## DIRECTIONS
Copy out all the lines of the data precisely, omitting any pictures.

Segment Start: MATERIAL FOR THIS TASK

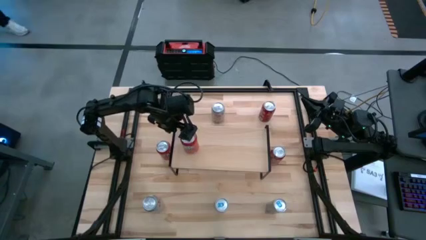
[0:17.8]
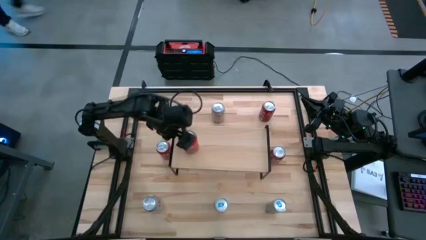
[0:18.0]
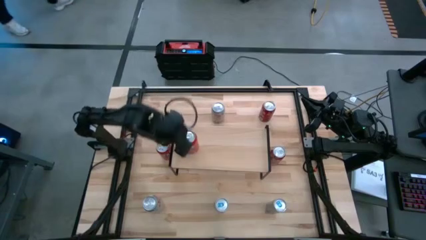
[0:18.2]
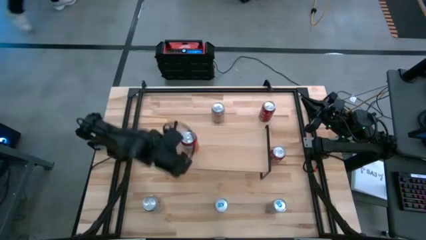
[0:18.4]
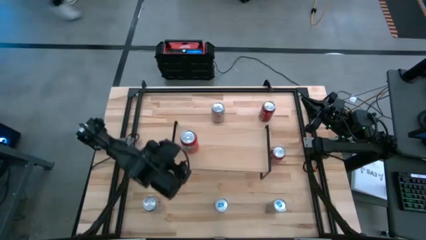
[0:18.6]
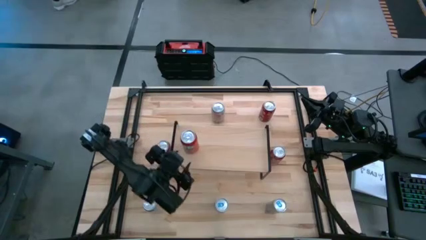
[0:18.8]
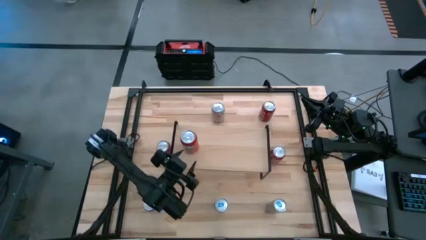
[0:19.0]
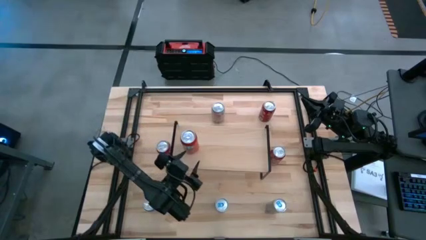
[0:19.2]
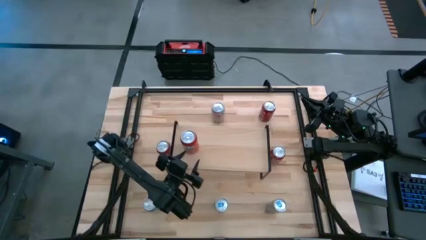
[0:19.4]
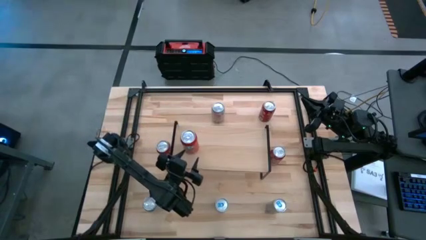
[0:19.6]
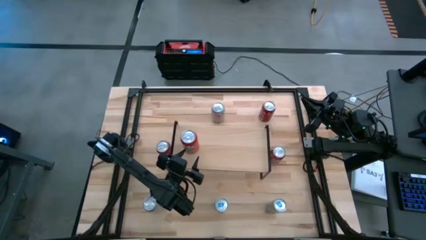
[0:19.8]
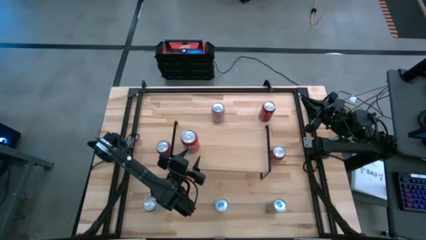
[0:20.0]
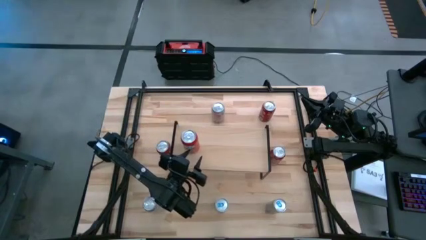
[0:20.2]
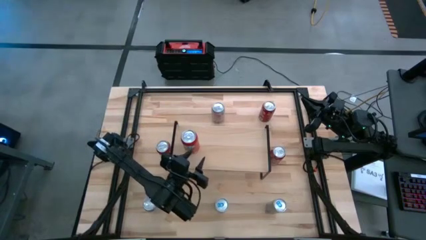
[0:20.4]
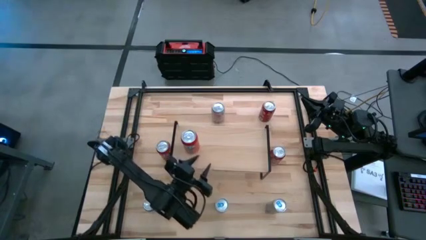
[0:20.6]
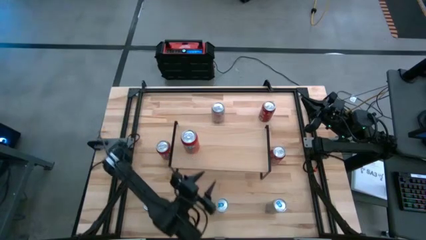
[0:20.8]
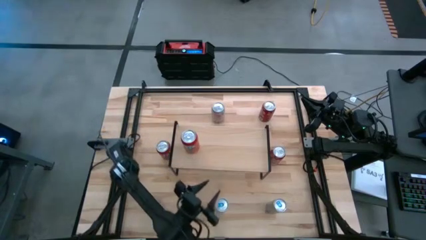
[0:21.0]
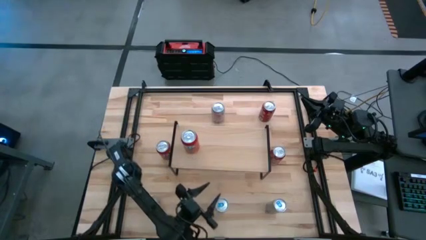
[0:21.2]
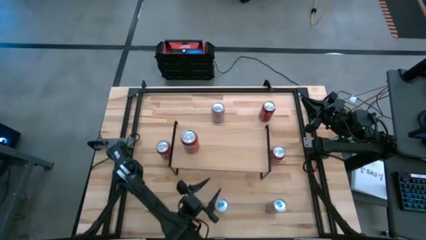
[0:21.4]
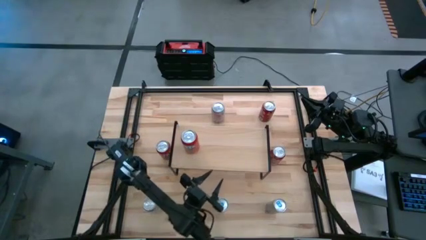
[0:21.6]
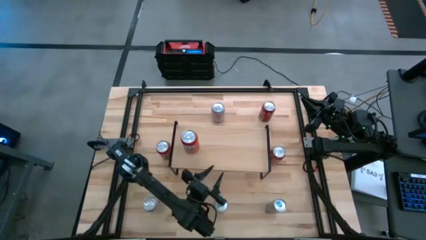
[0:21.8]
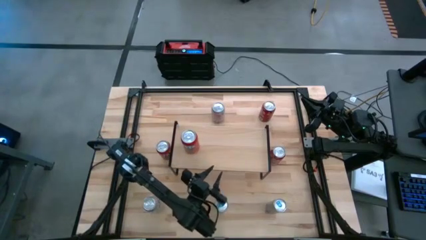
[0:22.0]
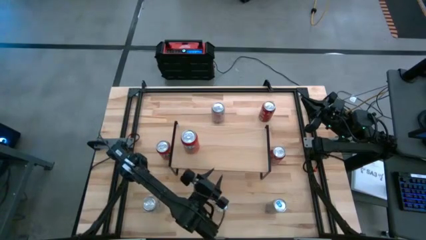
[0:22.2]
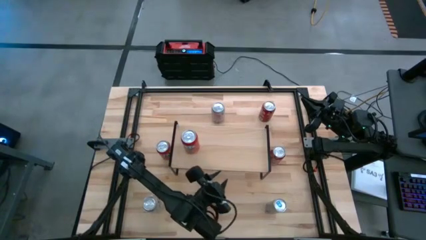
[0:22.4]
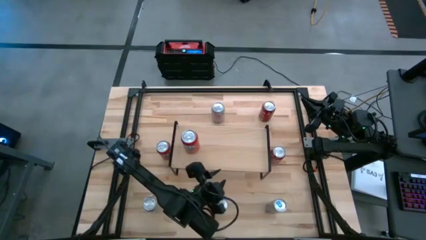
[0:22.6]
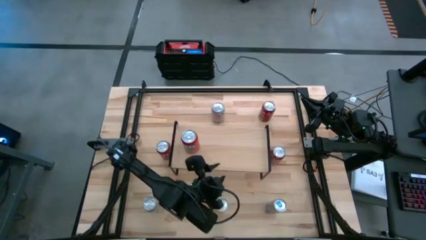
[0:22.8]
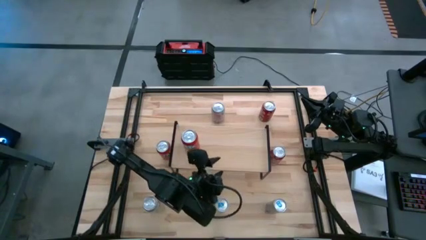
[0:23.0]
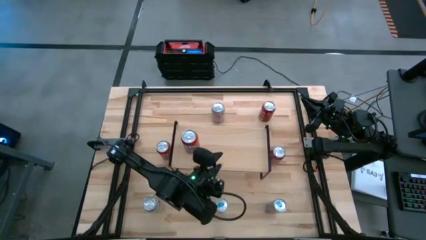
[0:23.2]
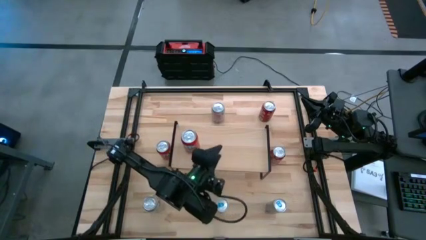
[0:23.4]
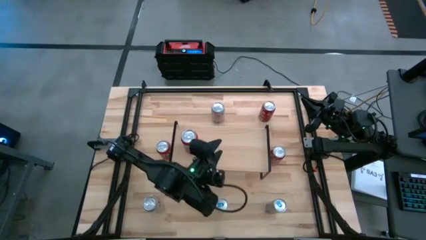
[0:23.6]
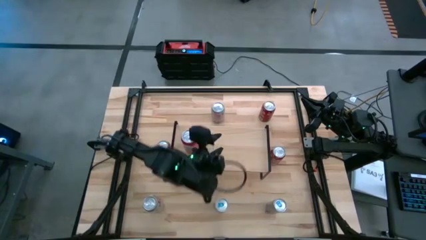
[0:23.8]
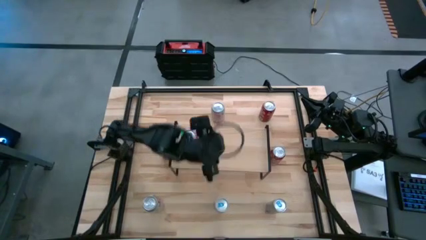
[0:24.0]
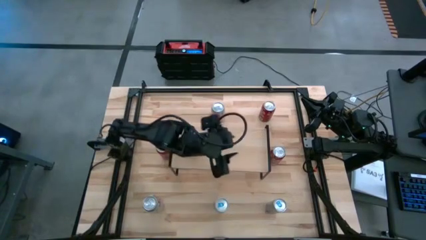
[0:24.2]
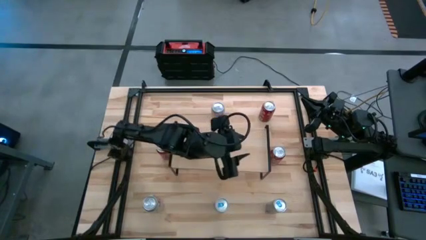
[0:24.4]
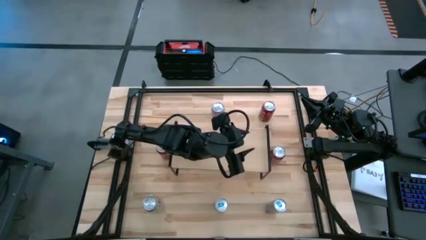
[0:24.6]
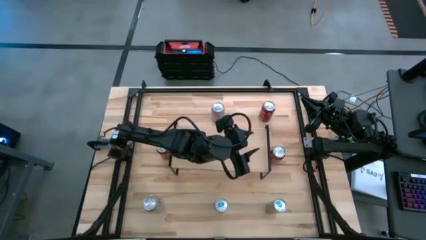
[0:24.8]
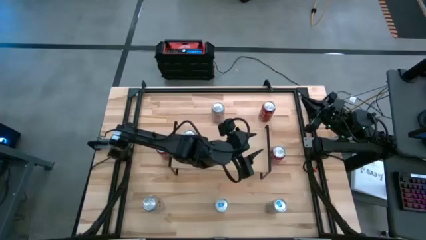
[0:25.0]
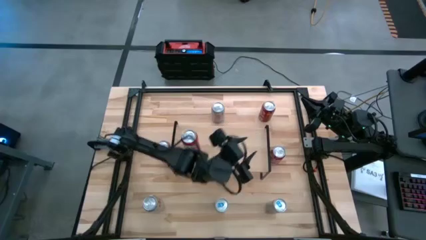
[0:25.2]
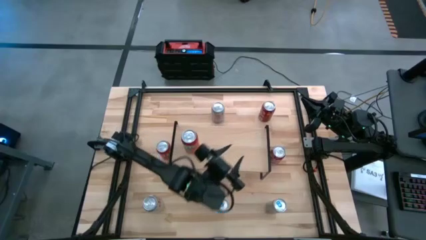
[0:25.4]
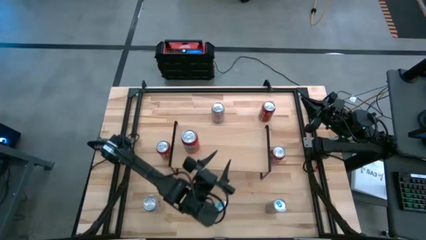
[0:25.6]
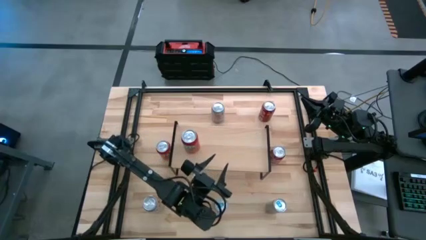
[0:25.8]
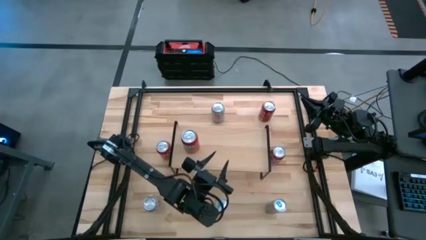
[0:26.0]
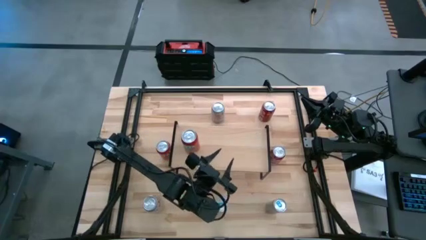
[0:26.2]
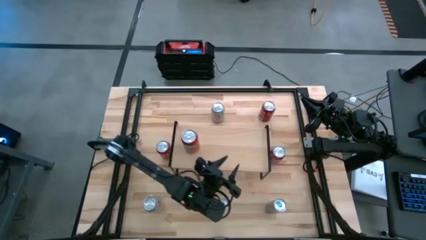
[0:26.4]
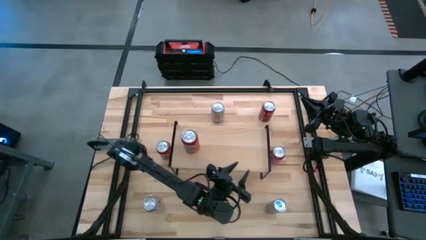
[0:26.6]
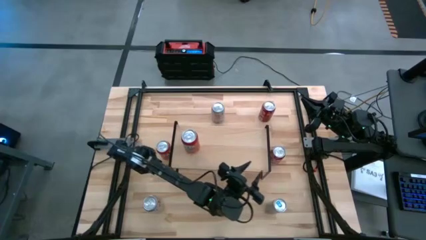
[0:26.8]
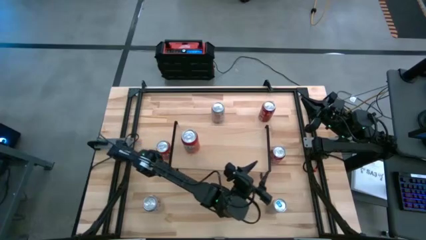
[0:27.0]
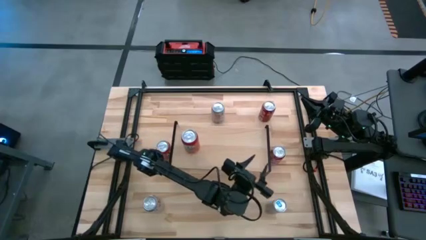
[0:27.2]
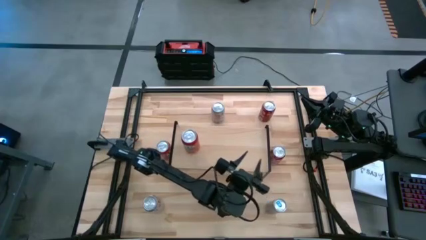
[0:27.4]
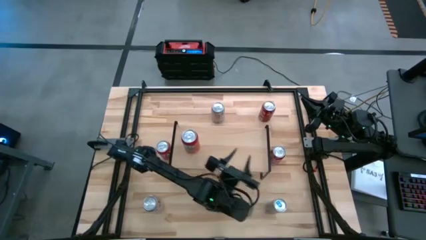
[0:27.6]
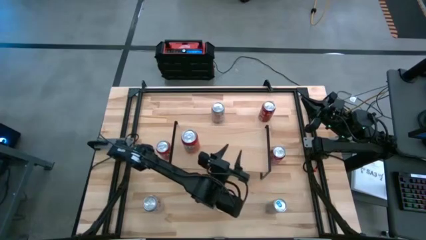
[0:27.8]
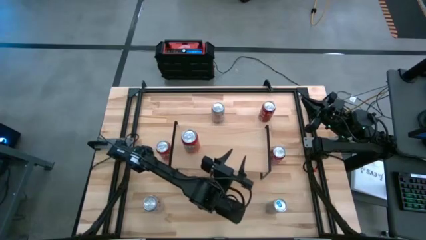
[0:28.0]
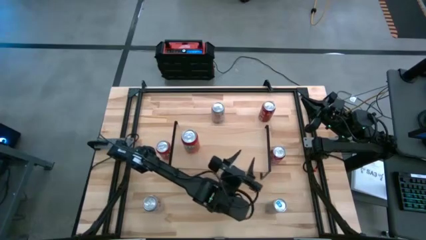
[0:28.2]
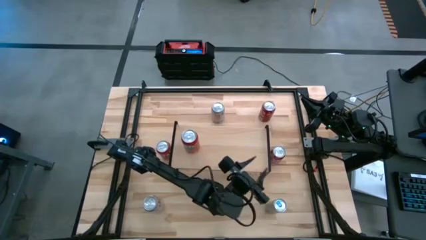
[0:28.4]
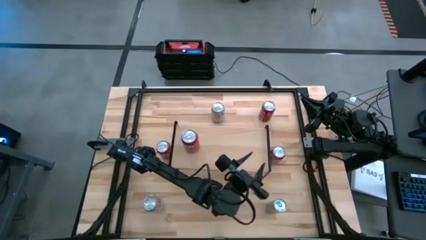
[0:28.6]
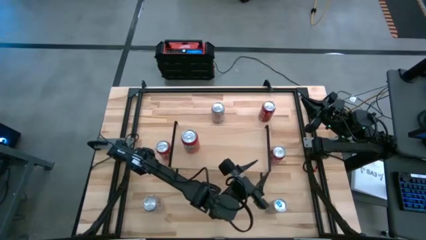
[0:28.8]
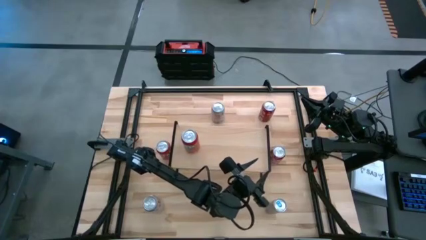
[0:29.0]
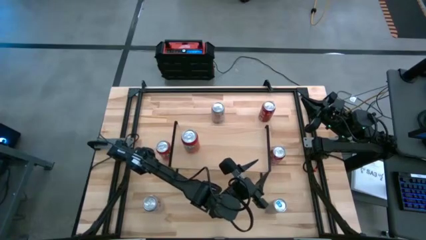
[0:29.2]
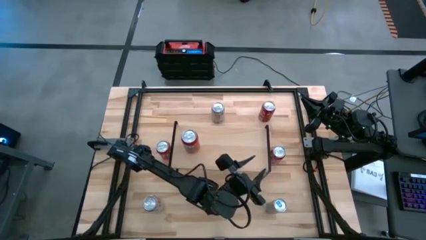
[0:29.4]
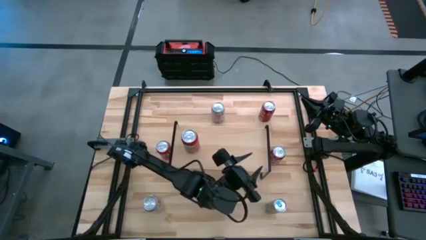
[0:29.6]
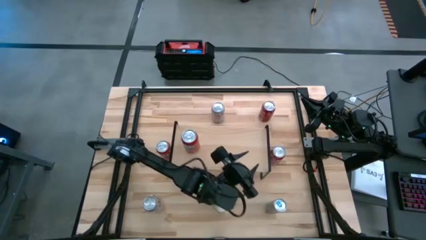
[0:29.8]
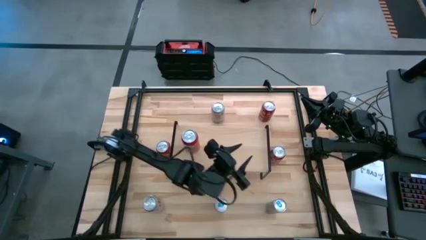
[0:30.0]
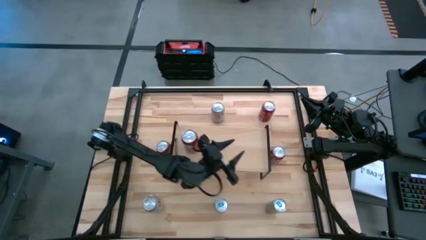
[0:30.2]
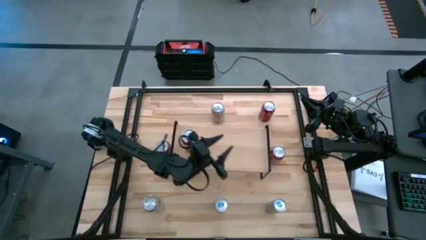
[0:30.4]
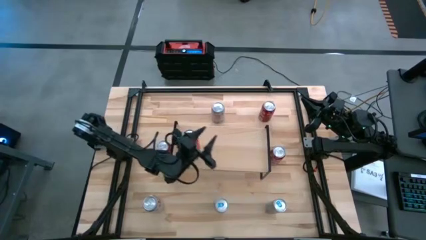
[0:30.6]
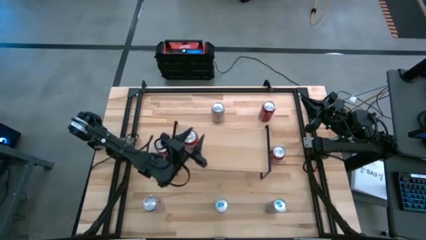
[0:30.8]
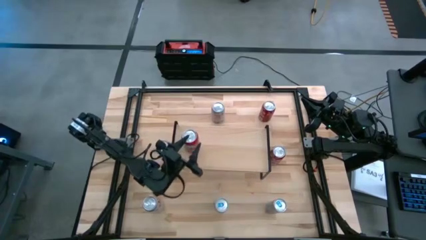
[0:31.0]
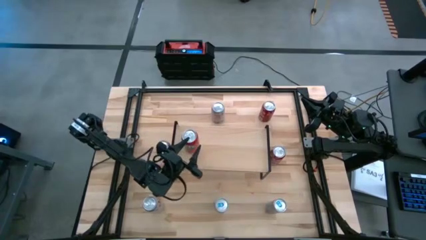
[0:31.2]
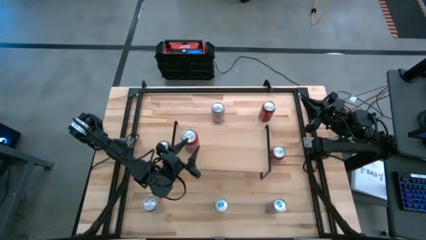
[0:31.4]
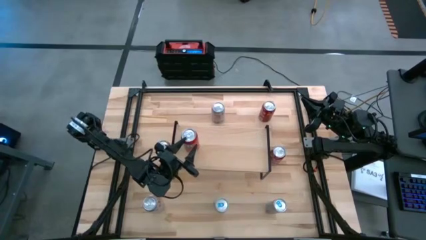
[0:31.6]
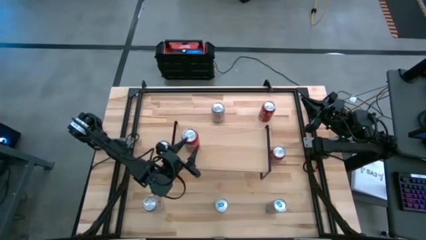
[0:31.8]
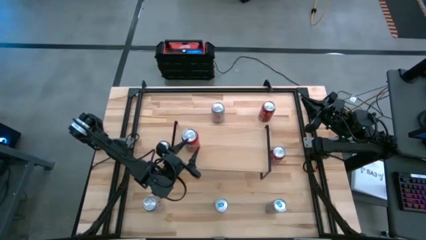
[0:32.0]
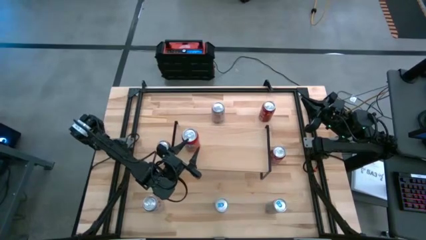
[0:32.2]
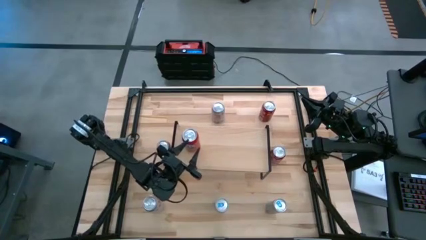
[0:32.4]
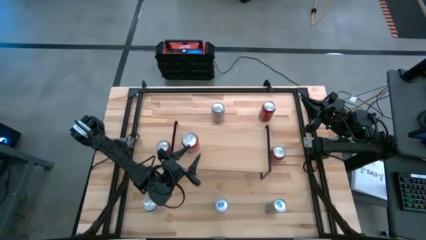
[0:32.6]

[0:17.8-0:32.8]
Task: Place canned beverage on shelf
Put the top orange soda can on the shelf

Segment End: MATERIAL FOR THIS TASK

## WRITTEN SOLUTION
[0:17.8]
[0:18.0]
[0:18.2]
[0:18.4]
[0:18.6]
[0:18.8]
[0:19.0]
[0:19.2]
[0:19.4]
[0:19.6]
[0:19.8]
[0:20.0]
[0:20.2]
[0:20.4]
[0:20.6]
[0:20.8]
[0:21.0]
[0:21.2]
[0:21.4]
[0:21.6]
[0:21.8]
[0:22.0]
[0:22.2]
[0:22.4]
[0:22.6]
[0:22.8]
[0:23.0]
[0:23.2]
[0:23.4]
[0:23.6]
[0:23.8]
[0:24.0]
[0:24.2]
[0:24.4]
[0:24.6]
[0:24.8]
[0:25.0]
[0:25.2]
[0:25.4]
[0:25.6]
[0:25.8]
[0:26.0]
[0:26.2]
[0:26.4]
[0:26.6]
[0:26.8]
[0:27.0]
[0:27.2]
[0:27.4]
[0:27.6]
[0:27.8]
[0:28.0]
[0:28.2]
[0:28.4]
[0:28.6]
[0:28.8]
[0:29.0]
[0:29.2]
[0:29.4]
[0:29.6]
[0:29.8]
[0:30.0]
[0:30.2]
[0:30.4]
[0:30.6]
[0:30.8]
[0:31.0]
[0:31.2]
[0:31.4]
[0:31.6]
[0:31.8]
[0:32.0]
[0:32.2]
[0:32.4]
[0:32.6]

[0:17.8-0:32.8]
Task: Place canned beverage on shelf
Put the top orange soda can on the shelf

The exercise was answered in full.